O Conselho Tutelar de Itapetininga (SP) revelou nesta quarta-feira (7) que Débora Rolim da Silva, de 24 anos, suspeita de matar a filha, Emanuelly Aghata da Silva, de 5 anos, nunca apresentou indícios de maus-tratos e que sempre atendia bem os conselheiros que acompanhavam a família desde a denúncia de agressão feita pela babá, em janeiro de 2017.
De acordo com o conselheiro tutelar Clayton Soares, assim que órgão
recebeu a denúncia, uma equipe foi imediatamente à casa fazer
averiguação. Clayton diz que a mãe atendeu os agentes e foi prestar
esclarecimentos na sede do Conselho Tutelar.
“A casa sempre estava bem organizada, as crianças também, o relatório de
frequência escolar não tinha nenhuma anormalidade, tudo era favorável à
mãe. Ela conseguiu enganar a todos", disse Soares em entrevista
Clayton explicou que fazia o acompanhamento à família e que, ao todo, foram realizadas 10 visitas druante o período.
“O Conselho não detectou nada grave, tanto que o laudo do IML (Instituto Médico Legal) apontou agressão de natureza leve e então o inquérito foi arquivado. Mesmo assim, continuamos acompanhando a família e nada foi constatado”, explica.
Ainda segundo o conselheiro, além da denúncia da babá, o órgão também recebeu queixa da Escola Municipal de Educação Infantil ‘São Paulo Apóstolo’, em outubro de 2017, que a menina apresentava hematomas no corpo.
A denúncia foi confirmada pela Secretaria de Educação, que em nota,
afirmou que um conselheiro tutelar chegou a comparecer na escola,
constatar os fatos e fotografar hematomas encontrados no corpo da
menina.
Soares diz que voltaram a casa de Débora, mas novamente não constataram
nada. Ele conta ainda que não foi pedido um novo exame de corpo de
delito, já que a denúncia apontava as faltas da menina na escola.
“Ao chegarmos à casa perguntando sobre a frequência escolar dela, a mãe apresentou atestados de saúde e informou que ela [Emanuelly] não estaria indo à escola porque estava de atestado”, diz.

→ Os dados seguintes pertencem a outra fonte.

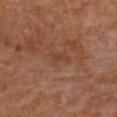Assessment: No biopsy was performed on this lesion — it was imaged during a full skin examination and was not determined to be concerning. Clinical summary: Measured at roughly 2.5 mm in maximum diameter. On the upper back. Automated tile analysis of the lesion measured a lesion area of about 2.5 mm² and a shape eccentricity near 0.9. The analysis additionally found internal color variation of about 0.5 on a 0–10 scale and radial color variation of about 0. The patient is female. A roughly 15 mm field-of-view crop from a total-body skin photograph.

Ainda coforme o conselheiro, a escola comunicou a coordenadora do Grupo
de Apoio à Adoção de Itapetininga (Gaadi), instituição que chegou a ser
responsável pela menina quando a mãe perdeu a guarda em 2012. Além disso, a secretaria tentou falar coma mãe, mas não obteve sucesso.
A Secretaria de Educação informou que a menina passou por sessão com
psicólogo à pedido da escola, mas não retornou às aulas em 2018.
A Polícia Civil realizou nesta terça-feira (6) uma perícia na casa da família, em Itapetininga. A polícia quer saber o que houve no imóvel antes da criança ser socorrida pelo Samu.
A Promotoria de Justiça de Itapetininga afirma que aguarda com atenção e
serenidade a ação das investigações, com o resultado da perícia do
corpo e no local do crime, bem como oitivas de testemunhas para, ao
final, oferecer a denúncia contra o casal em relação aos fatos.
Ainda segundo a promotoria, o trabalho do Conselho Tutelar é
fiscalizado pelo Ministério Público, pelo Judiciário e pelo Conselho
Municipal da Criança e do Adolescente, e havendo qualquer indício de
irregularidades, providências serão tomadas e abertos procedimentos para
apuração.
O juiz da Vara da Infância e Juventude Alessandro Viana Vieira de Paula
diz que acompanha o caso. De acordo com ele, a Vara vai agir através da
rede de proteção.
“Existem dois irmãos [da Emanuelly]. A vara da Infância vai agir
através da rede de proteção, Conselho Tutelar para saber se esses irmãos
têm condições de ficar com a família, algum avô, algum tio, primo em
condições de cuidar. Não havendo ninguém para cuidar, o Conselho deve
proceder o acolhimento em abrigo”, diz o juiz.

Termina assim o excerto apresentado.